## [Exercise instructions]
Repeat every record word for word and omit the images.

Items listed in a dataset:
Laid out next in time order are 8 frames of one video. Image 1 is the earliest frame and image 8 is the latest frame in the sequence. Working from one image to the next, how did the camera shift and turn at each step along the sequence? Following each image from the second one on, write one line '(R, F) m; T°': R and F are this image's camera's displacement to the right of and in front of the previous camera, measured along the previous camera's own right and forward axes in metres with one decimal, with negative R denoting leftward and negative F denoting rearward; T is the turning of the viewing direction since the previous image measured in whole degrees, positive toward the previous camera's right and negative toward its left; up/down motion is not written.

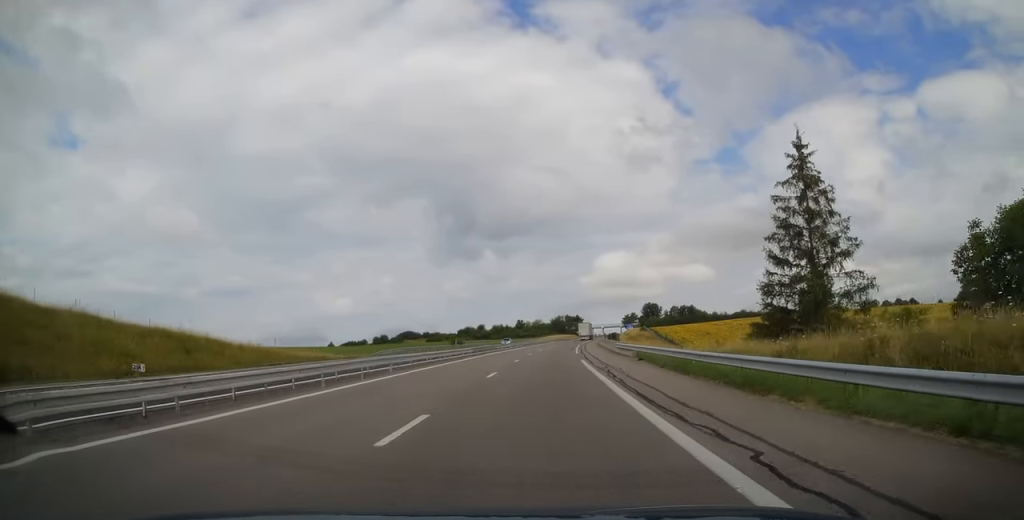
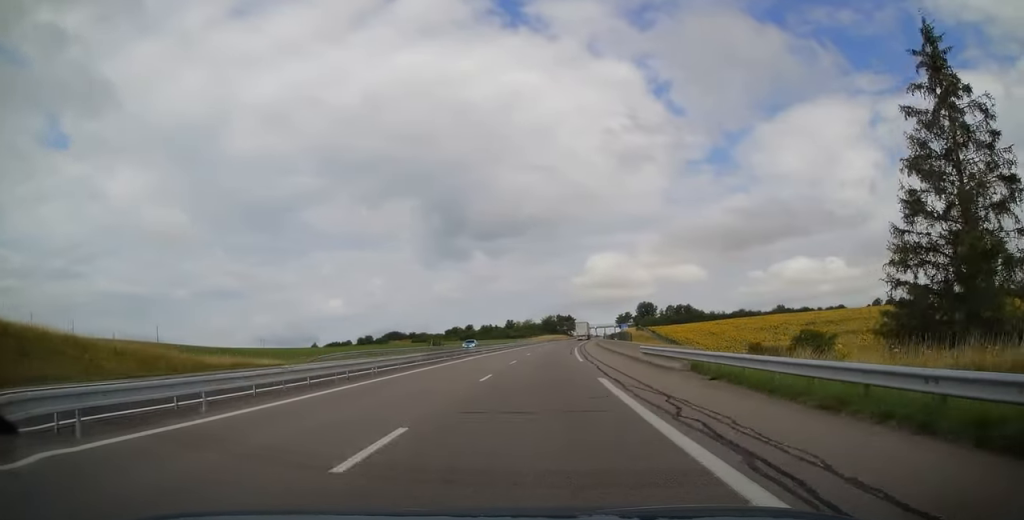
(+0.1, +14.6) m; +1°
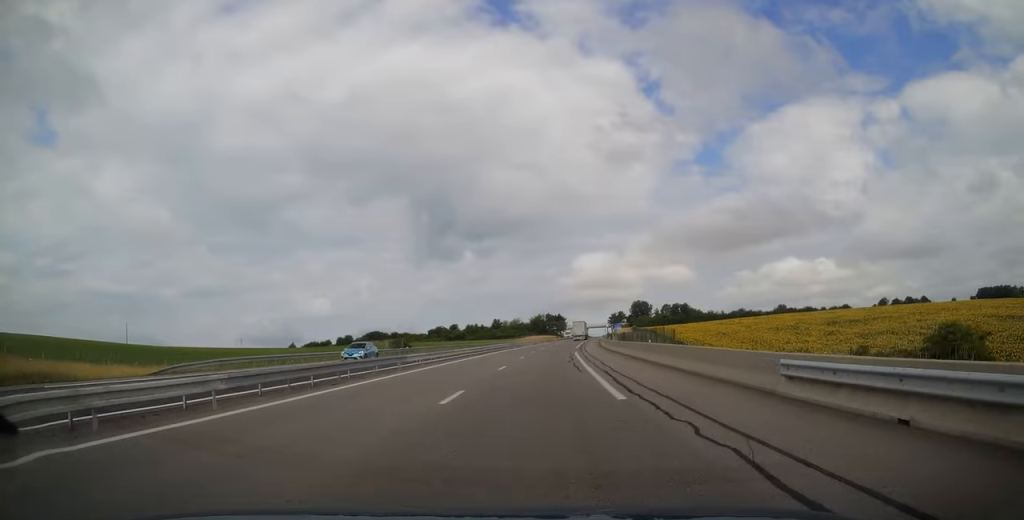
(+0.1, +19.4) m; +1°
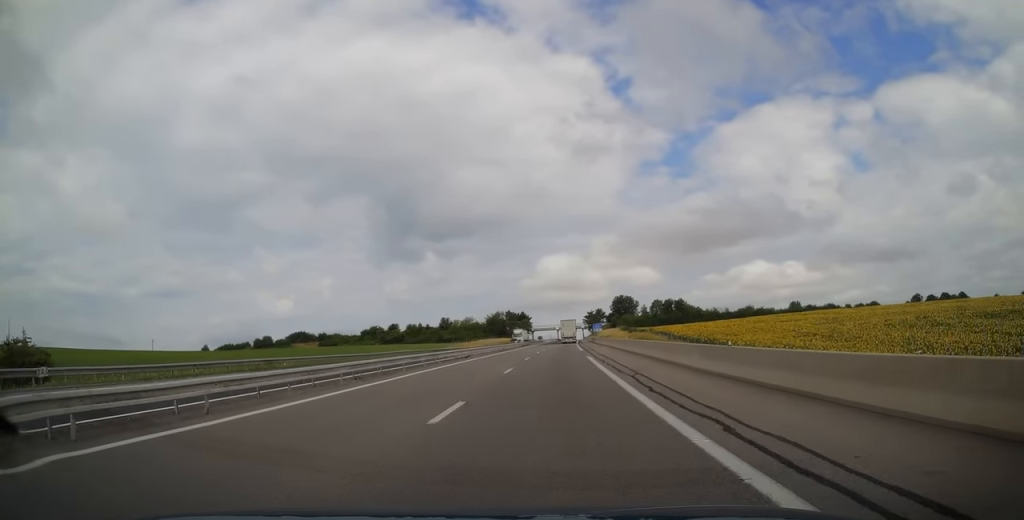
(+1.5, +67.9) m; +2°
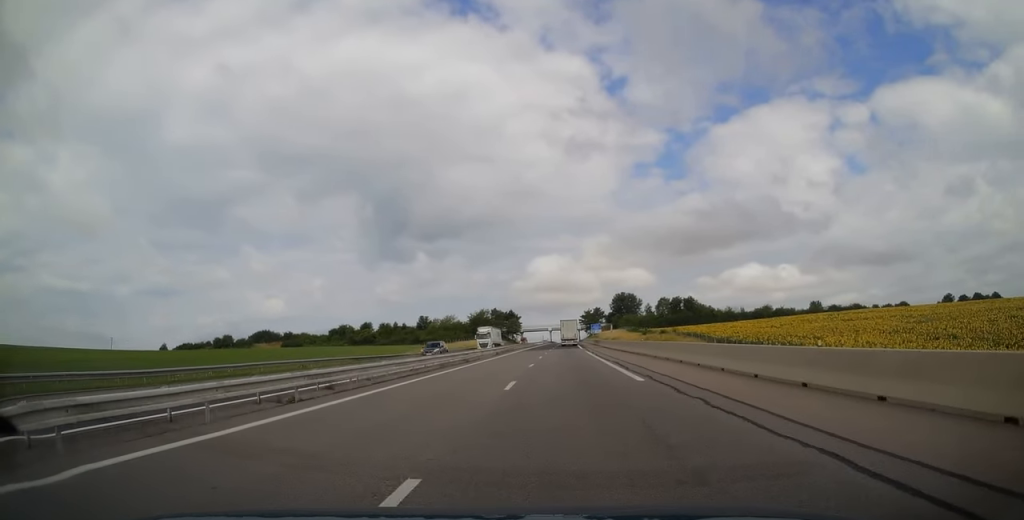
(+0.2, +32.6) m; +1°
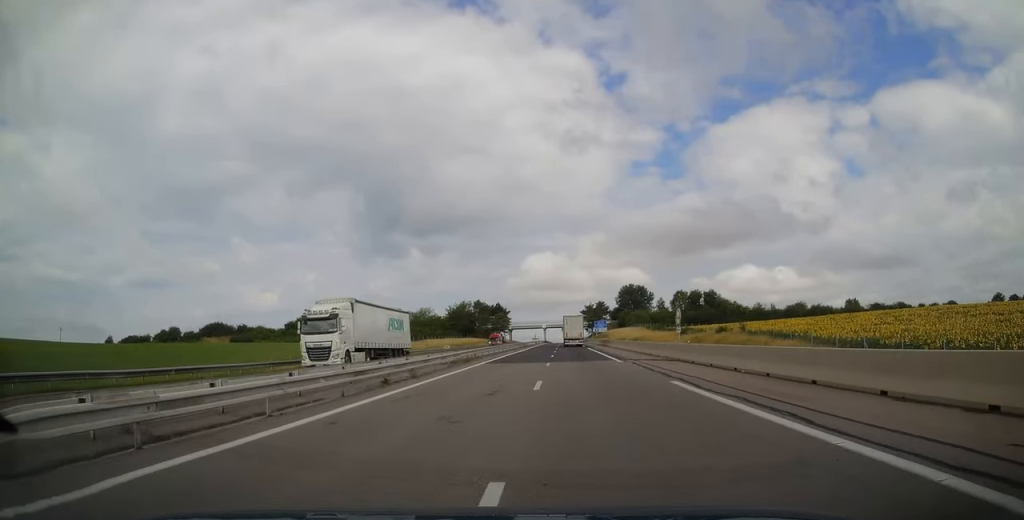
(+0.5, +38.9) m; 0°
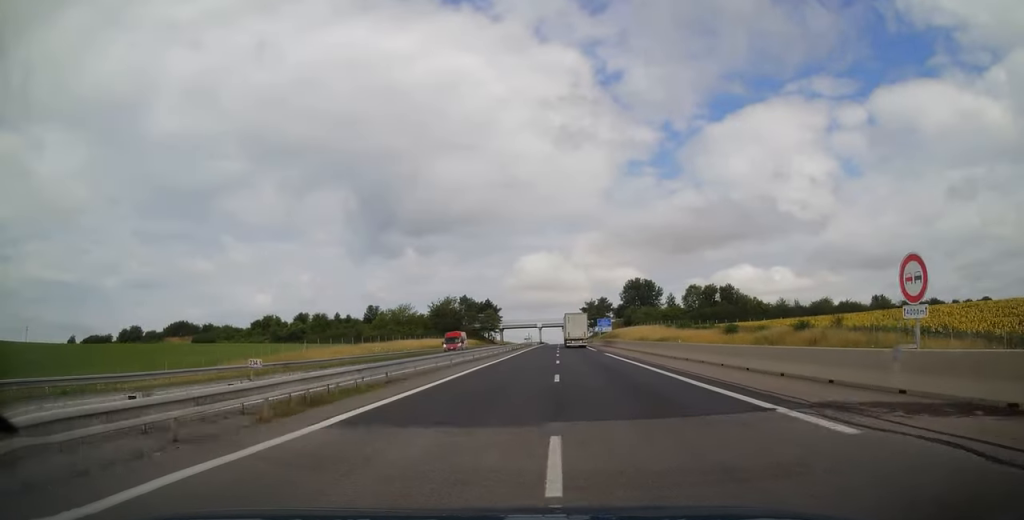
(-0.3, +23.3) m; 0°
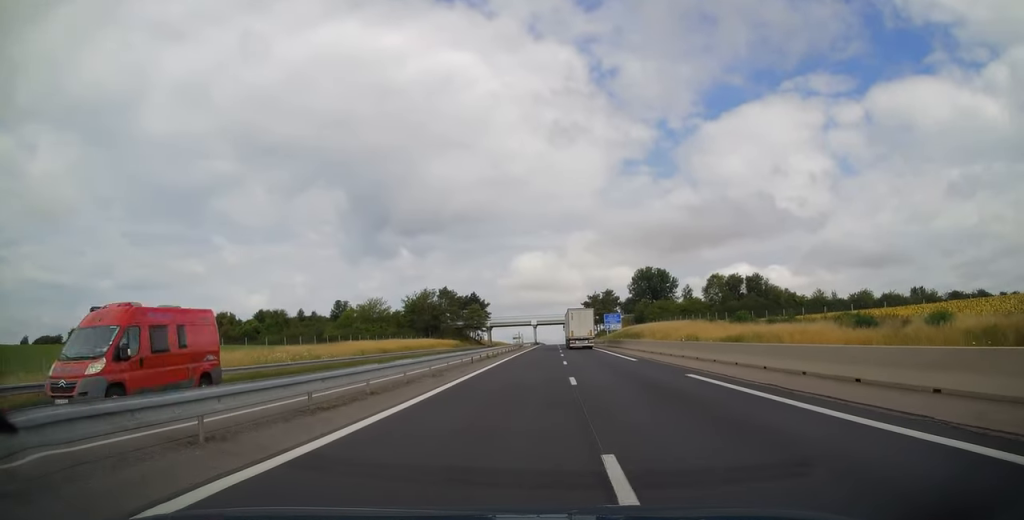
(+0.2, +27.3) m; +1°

## [Solution to the exercise]
Laid out next in time order are 8 frames of one video. Image 1 is the earliest frame and image 8 is the latest frame in the sequence. Working from one image to the next, how did the camera shift and turn at each step along the sequence? Following each image from the second one on, write one line '(R, F) m; T°': R and F are this image's camera's displacement to the right of and in front of the previous camera, measured along the previous camera's own right and forward axes in metres with one decimal, with negative R denoting leftward and negative F denoting rearward; T is the turning of the viewing direction since the previous image measured in whole degrees, positive toward the previous camera's right and negative toward its left; up/down motion is not written.

(+0.1, +14.6) m; +1°
(+0.1, +19.4) m; +1°
(+1.5, +67.9) m; +2°
(+0.2, +32.6) m; +1°
(+0.5, +38.9) m; 0°
(-0.3, +23.3) m; 0°
(+0.2, +27.3) m; +1°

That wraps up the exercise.